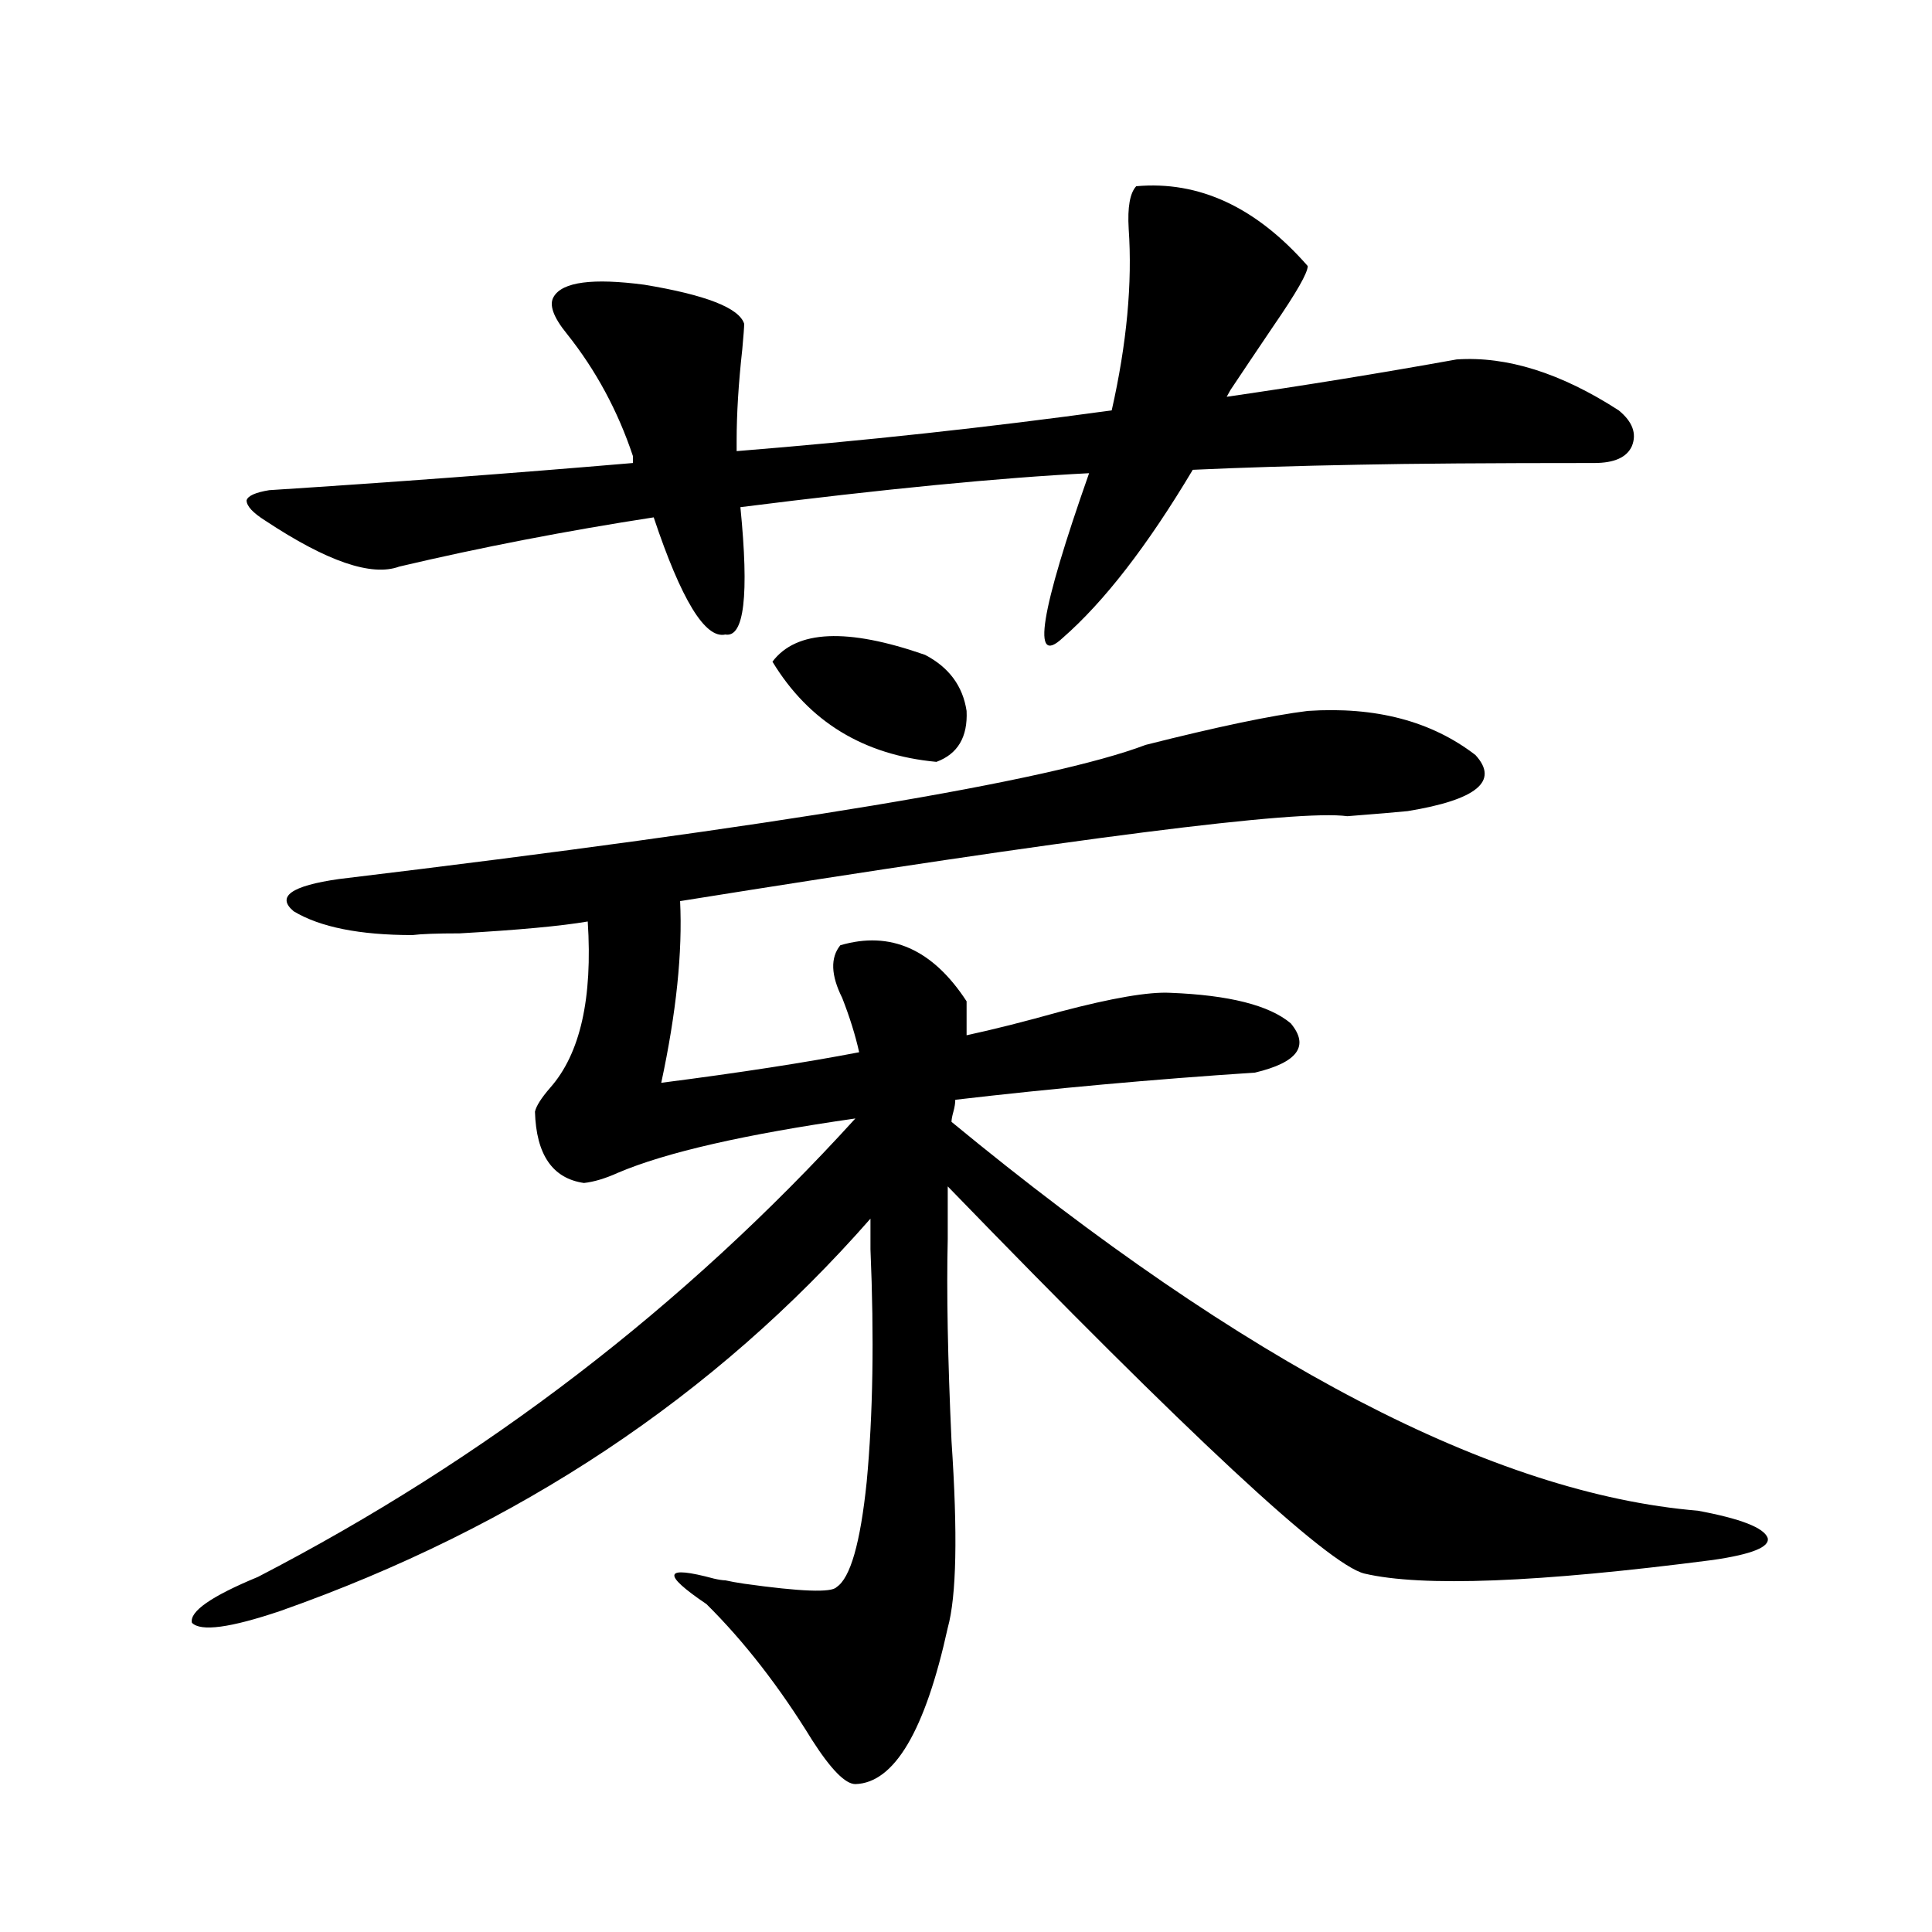 <?xml version="1.0" encoding="utf-8"?>
<!-- Generator: Adobe Illustrator 16.0.0, SVG Export Plug-In . SVG Version: 6.00 Build 0)  -->
<!DOCTYPE svg PUBLIC "-//W3C//DTD SVG 1.1//EN" "http://www.w3.org/Graphics/SVG/1.1/DTD/svg11.dtd">
<svg version="1.1" id="图层_1" xmlns="http://www.w3.org/2000/svg" xmlns:xlink="http://www.w3.org/1999/xlink" x="0px" y="0px"
	 width="1000px" height="1000px" viewBox="0 0 1000 1000" enable-background="new 0 0 1000 1000" xml:space="preserve">
<path d="M676.886,367.973c35.121-2.334,64.054,5.273,86.827,22.852c12.348,13.486,0.641,23.154-35.121,29.004
	c-5.854,0.591-16.265,1.47-31.219,2.637c-25.365-3.516-140.484,11.138-345.357,43.945c1.296,26.367-1.951,57.72-9.756,94.043
	c40.975-5.273,75.12-10.547,102.437-15.82c-1.951-8.789-4.878-18.154-8.78-28.125c-5.854-11.714-6.188-20.791-0.976-27.246
	c26.006-7.607,47.804,2.061,65.364,29.004v17.578c13.658-2.925,29.908-7.031,48.779-12.305c26.661-7.031,45.518-10.244,56.584-9.668
	c30.563,1.182,51.371,6.455,62.438,15.82c9.756,11.729,3.567,20.215-18.536,25.488c-53.337,3.516-105.043,8.213-155.118,14.063
	c0,1.758-0.335,3.818-0.976,6.152c-0.655,2.349-0.976,4.106-0.976,5.273c152.191,125.396,280.969,192.48,386.332,201.27
	c22.104,4.106,34.146,8.789,36.097,14.063c1.296,4.697-8.14,8.501-28.292,11.426c-90.409,11.729-150.575,14.063-180.483,7.031
	c-18.871-4.683-90.729-71.479-215.604-200.391v27.246c-0.655,26.958,0,61.826,1.951,104.59c3.247,48.052,2.592,80.27-1.951,96.68
	c-11.707,53.312-27.651,80.27-47.804,80.859c-5.213,0-12.683-7.621-22.438-22.852c-16.92-27.548-35.121-50.977-54.633-70.313
	c-23.414-15.82-22.118-20.215,3.902-13.184c2.592,0.591,4.543,0.879,5.854,0.879c2.592,0.591,5.854,1.182,9.756,1.758
	c29.268,4.106,45.197,4.697,47.804,1.758c7.149-4.683,12.348-22.852,15.609-54.492c3.247-34.565,3.902-74.707,1.951-120.41v-15.82
	c-80.653,91.997-182.435,159.673-305.358,203.027c-26.021,8.789-41.31,10.836-45.853,6.152c-1.311-5.863,10.076-13.773,34.146-23.73
	c117.711-60.933,220.803-140.034,309.261-237.305c-57.239,8.213-98.214,17.578-122.924,28.125
	c-6.509,2.939-12.362,4.697-17.561,5.273c-16.265-2.334-24.725-14.639-25.365-36.914c0.641-2.925,3.247-7.031,7.805-12.305
	c15.609-17.578,22.104-46.279,19.512-86.133c-13.658,2.349-35.776,4.395-66.34,6.152c-11.707,0-19.847,0.303-24.39,0.879
	c-27.316,0-47.804-4.092-61.462-12.305c-9.115-7.607-1.311-13.184,23.414-16.699c228.928-27.534,368.116-50.674,417.551-69.434
	C630.058,376.186,658.015,370.321,676.886,367.973z M137.387,269.535c-6.509-4.092-9.756-7.607-9.756-10.547
	c0.641-2.334,4.543-4.092,11.707-5.273c63.733-4.092,126.491-8.789,188.288-14.063v-3.516
	c-7.805-23.428-19.191-44.521-34.146-63.281c-7.164-8.789-9.436-15.229-6.829-19.336c4.543-7.607,20.152-9.668,46.828-6.152
	c31.859,5.273,49.1,12.017,51.706,20.215c0,1.758-0.335,6.152-0.976,13.184c-1.951,17.578-2.927,33.398-2.927,47.461v5.273
	c65.685-5.273,130.394-12.305,194.142-21.094c7.805-34.565,10.731-65.918,8.78-94.043c-0.655-11.123,0.641-18.457,3.902-21.973
	c32.515-2.925,62.103,10.85,88.778,41.309c0,3.516-5.854,13.774-17.561,30.762c-9.115,13.486-16.585,24.609-22.438,33.398
	l-1.951,3.516c40.319-5.85,79.998-12.305,119.021-19.336c26.006-1.758,53.978,7.031,83.9,26.367
	c7.149,5.864,9.421,12.017,6.829,18.457c-2.606,5.864-9.115,8.789-19.512,8.789c-53.992,0-94.632,0.303-121.948,0.879
	c-31.874,0.591-60.486,1.47-85.852,2.637c-23.414,39.263-45.853,68.267-67.315,87.012c-16.265,15.244-11.707-13.184,13.658-85.254
	c-46.188,2.349-106.339,8.213-180.483,17.578c4.543,45.703,1.951,67.676-7.805,65.918c-10.411,2.349-22.773-17.866-37.072-60.645
	c-45.532,7.031-89.434,15.532-131.704,25.488C192.34,298.539,169.246,290.629,137.387,269.535z M399.819,342.484
	c12.348-16.396,38.688-17.578,79.022-3.516c12.348,6.455,19.512,16.123,21.463,29.004c0.641,13.486-4.558,22.275-15.609,26.367
	C446.968,390.824,418.676,373.549,399.819,342.484z"/>
</svg>

┄┄┄┄┄┄

**Task to complete**
Filter the entries down to the lines that include the string "http".

**Output below**
<!DOCTYPE svg PUBLIC "-//W3C//DTD SVG 1.1//EN" "http://www.w3.org/Graphics/SVG/1.1/DTD/svg11.dtd">
<svg version="1.1" id="图层_1" xmlns="http://www.w3.org/2000/svg" xmlns:xlink="http://www.w3.org/1999/xlink" x="0px" y="0px"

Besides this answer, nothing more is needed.